On pourrait se contenter de relever les qualités littéraires de ces recompositions, de jouir de ces suites romanesques. Il est pourtant une œuvre qui démarque des autres par sa stature monumentale, par son art narratif incomparable, et qui engage une réflexion étendue sur presque deux décennies. D’ailleurs, les implications philosophiques et politiques de ce roman-pyramide sont si nombreuses qu'elles en font un des textes les plus fondamentaux de la culture européenne ou occidentale du XXe siècle : la fraternité, l'humanisme et le sort de l'humanité sont au cœur de Joseph et ses frères de Thomas Mann.

Avec son roman-fleuve Joseph et ses frères, Thomas Mann donnait aux chapitres de la fin de la Genèse la dimension du Livre. Ce passage du livre biblique au roman se présente comme une humanisation du mythe, où il ne s'agit pas de passer du sacré au profane, mais d'une forme ancienne d'humanisme à un « humanisme de l'avenir »5. Dans un temps critique, il entendait écrire « une histoire abrégée de l'humanité »6 où Joseph représentait à la fois l'apport de l'esprit juif à la civilisation, « l'élément clarificateur, dispensateur de la forme, humain »7, que l'auteur appelle aussi bien l'élément « méditerranéen »8 de la culture, et « une nature d'artiste »9 introduisant un jeu et un détachement qui rendent possible la saisie de cet élément « humain » et ouvrent les possibles.

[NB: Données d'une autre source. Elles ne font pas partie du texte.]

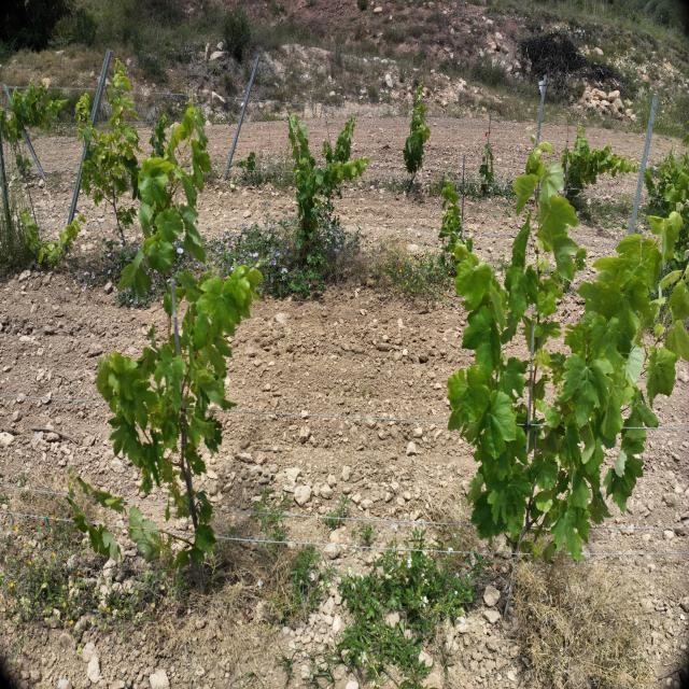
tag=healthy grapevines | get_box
[87,155,273,611]
[435,192,689,650]

Le texte biblique contient, selon Mann, une forme originaire d'humanisme ; il n’est pourtant qu’un monde propice à la recherche d'une vérité plus profonde, à l'imagination d'un humanisme du futur. Le récit de la Genèse ne pouvait délivrer cette vérité que remaniée, réinscrite dans le réseau des mythes babyloniens, égyptiens, grecs, des réécritures chrétiennes et coraniques, sous le patronage de la figure d'Hermès. Ces vérités trouvent elles-mêmes leur explication chez Schopenhauer, Nietzsche, Freud ou Jung. Selon Mann, il fallait « encore » humaniser le mythe biblique, par le biais de l'humour et de l'ironie, et en introduisant un « élément familier-bourgeois »10 dans le traitement des figures mythiques. Ce souci d'équilibre est d’ailleurs la marque de l'humanisme nouveau auquel Mann fraie un chemin dans son récit-fleuve. Le roman de Thomas Mann ne véhicule donc pas le fantasme d'un Livre qui serait par lui-même parole de vérité qu'il suffirait de recueillir en vertu de son caractère originaire.

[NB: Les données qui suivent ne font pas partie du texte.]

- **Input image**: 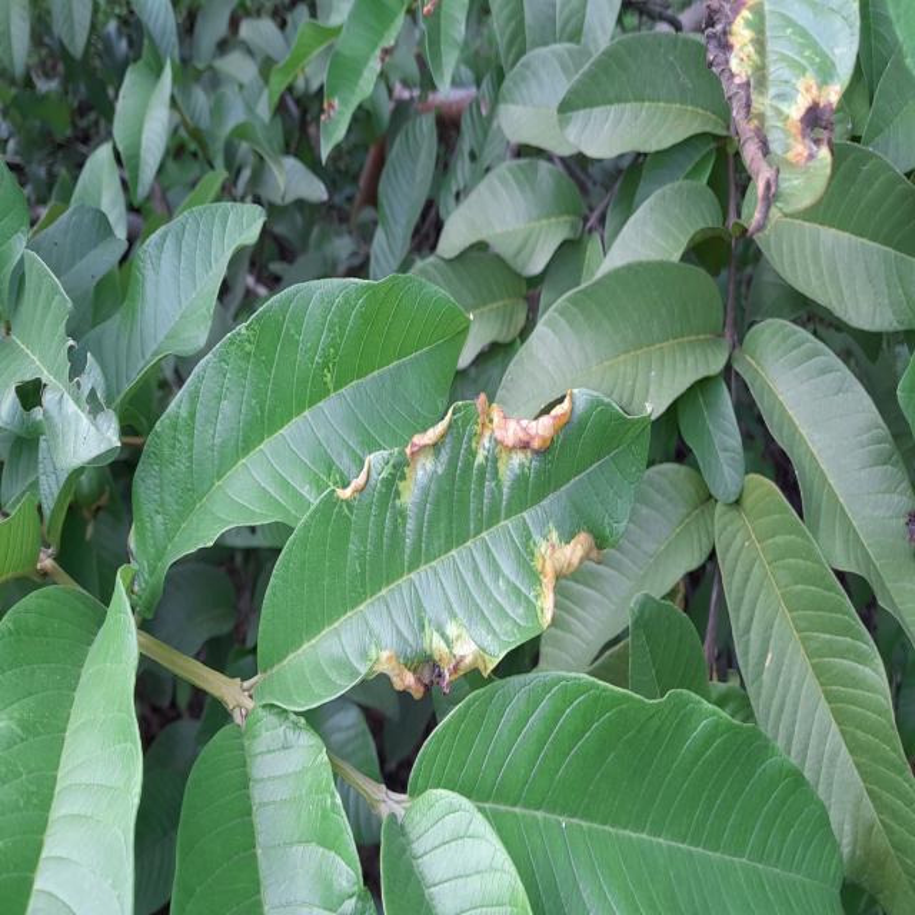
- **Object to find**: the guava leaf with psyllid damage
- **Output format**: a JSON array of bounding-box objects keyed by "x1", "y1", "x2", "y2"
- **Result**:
[{"x1": 250, "y1": 352, "x2": 676, "y2": 728}]

Ainsi, pour lier l'art, la libre création de l'auteur et son effort éthique et politique, nous pourrions nous contenter d'observer, en utilisant les concepts de Paul Ricœur, que Thomas Mann fait parcourir à son roman « l'arc entier allant de Mimesis I (c'est-à-dire les histoires « vécues », agies et subies, dans lesquelles les sujets se trouvent intriqués), à Mimesis II (c'est-à-dire le récit biblique de Joseph et ses variantes dans d'autres traditions) pour aboutir à Mimesis III (c'est-à-dire le récit raconté et réapproprié par des lecteurs, avec les effets produits par cette lecture) »11. Mais il faut ajouter la dimension polémique de cette réécriture : Mann combat l'usage que fait le nazisme de ce mythe, en privilégiant une « raison narrative »12 pleine de ruse, d'humour et d'ironie : « est humoristique en particulier dans le livre toute la part d'essais, de commentaires, de critique et de science » ; « car c'est pure ironie que d'appliquer le langage de la science à ce qui n'est que féérie et non-science »13. « Le mythe, dans ce livre, était arraché aux mains du fascisme et humanisé jusque dans les derniers recoins du langage »14. Mann parlait de son roman comme d'une « œuvre linguistique »15 et E. Bloch le louait comme une « re-fonctionnalisation du mythe »16.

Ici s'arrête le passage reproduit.